Agree, probably because there are no "solutions". I have witnessed a number of businesses (rural and urban) rage against one of the big 4, move to a new finance option, often offshore, only to realise they out of the frypan into the fire. The reality often is the business dosnt work, or the people have a strange take on numbers and reality. Not saying the banks are perfect but just an observation.
"There are no solutions" Why not just constrain them on how much money they can print? Limit what they can lend out. They in many respects undermine the productivity of the economy, and any existing regulation is simply not achieving what is required. I don't believe that 'Capital Ratios' as currently defined is meeting this requirement.

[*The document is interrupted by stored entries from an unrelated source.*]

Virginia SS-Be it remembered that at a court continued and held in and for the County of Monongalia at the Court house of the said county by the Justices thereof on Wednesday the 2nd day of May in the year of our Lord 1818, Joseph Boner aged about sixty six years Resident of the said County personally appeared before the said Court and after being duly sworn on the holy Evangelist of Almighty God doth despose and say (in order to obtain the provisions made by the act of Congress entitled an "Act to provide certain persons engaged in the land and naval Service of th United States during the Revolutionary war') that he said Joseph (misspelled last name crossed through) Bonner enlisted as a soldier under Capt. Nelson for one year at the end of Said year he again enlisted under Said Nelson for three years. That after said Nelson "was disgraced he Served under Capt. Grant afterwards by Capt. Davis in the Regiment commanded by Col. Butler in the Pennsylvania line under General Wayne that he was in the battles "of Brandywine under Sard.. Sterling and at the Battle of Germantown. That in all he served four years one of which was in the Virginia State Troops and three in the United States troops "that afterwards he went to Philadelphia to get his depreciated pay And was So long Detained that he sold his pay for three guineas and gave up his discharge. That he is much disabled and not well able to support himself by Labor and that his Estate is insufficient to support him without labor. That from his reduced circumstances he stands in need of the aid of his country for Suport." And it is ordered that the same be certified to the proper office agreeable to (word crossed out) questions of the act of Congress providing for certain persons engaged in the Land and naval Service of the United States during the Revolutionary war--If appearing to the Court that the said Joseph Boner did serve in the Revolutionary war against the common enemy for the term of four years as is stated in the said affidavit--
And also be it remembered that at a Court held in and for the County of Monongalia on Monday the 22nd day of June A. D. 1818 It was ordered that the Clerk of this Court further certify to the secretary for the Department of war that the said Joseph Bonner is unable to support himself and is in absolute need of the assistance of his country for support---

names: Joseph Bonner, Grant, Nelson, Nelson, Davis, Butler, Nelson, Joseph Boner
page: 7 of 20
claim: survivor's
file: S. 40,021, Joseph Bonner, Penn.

I suggest it is the government who should be determining the level of 'money' that is circulating in the economy, not the private banks, or even the RBNZ. Deregulating the banks in the 80's was the government abrogating their responsibilities to their constituents. That needs to be fixed.
Good article.
But capital requirements, as we head into physical de-growth permanently, are going to be really really important. And eventually, not enough. Trace it through, and the whole banking system is parasitic - there is no reason we couldn't have set up a trading-proxy system ex interest/usury, and indeed many cultures have.
Which cultures?
Try a Google search for cultures against usury or Wikipedia for a detailed response. Google ai generated an immediate lengthy response for me to these search words.
"The Aussie Banks hate the RBNZ capital requirements. Why? It hits their bottom line. Less money for bonuses. Who's been lobbying for them to be relaxed? National's (unofficial) Economic Adviser, the NZ Initiative. Its former Senior Economist is the PM's (and Willis') Adviser. Don't forget how the former ANZ Chair is previous Nat Party PM, John Key, & subsequent ANZ Chairs flew with PM Luxon on trips to Japan and, in the form of Scott St John, to India."
My uniformed opinion is that the banking enquiry was from the start was a voter appeasement action to keep their current supporters onside, and not to change anything... just enough action to appear decisive and potent while preserving the status quo.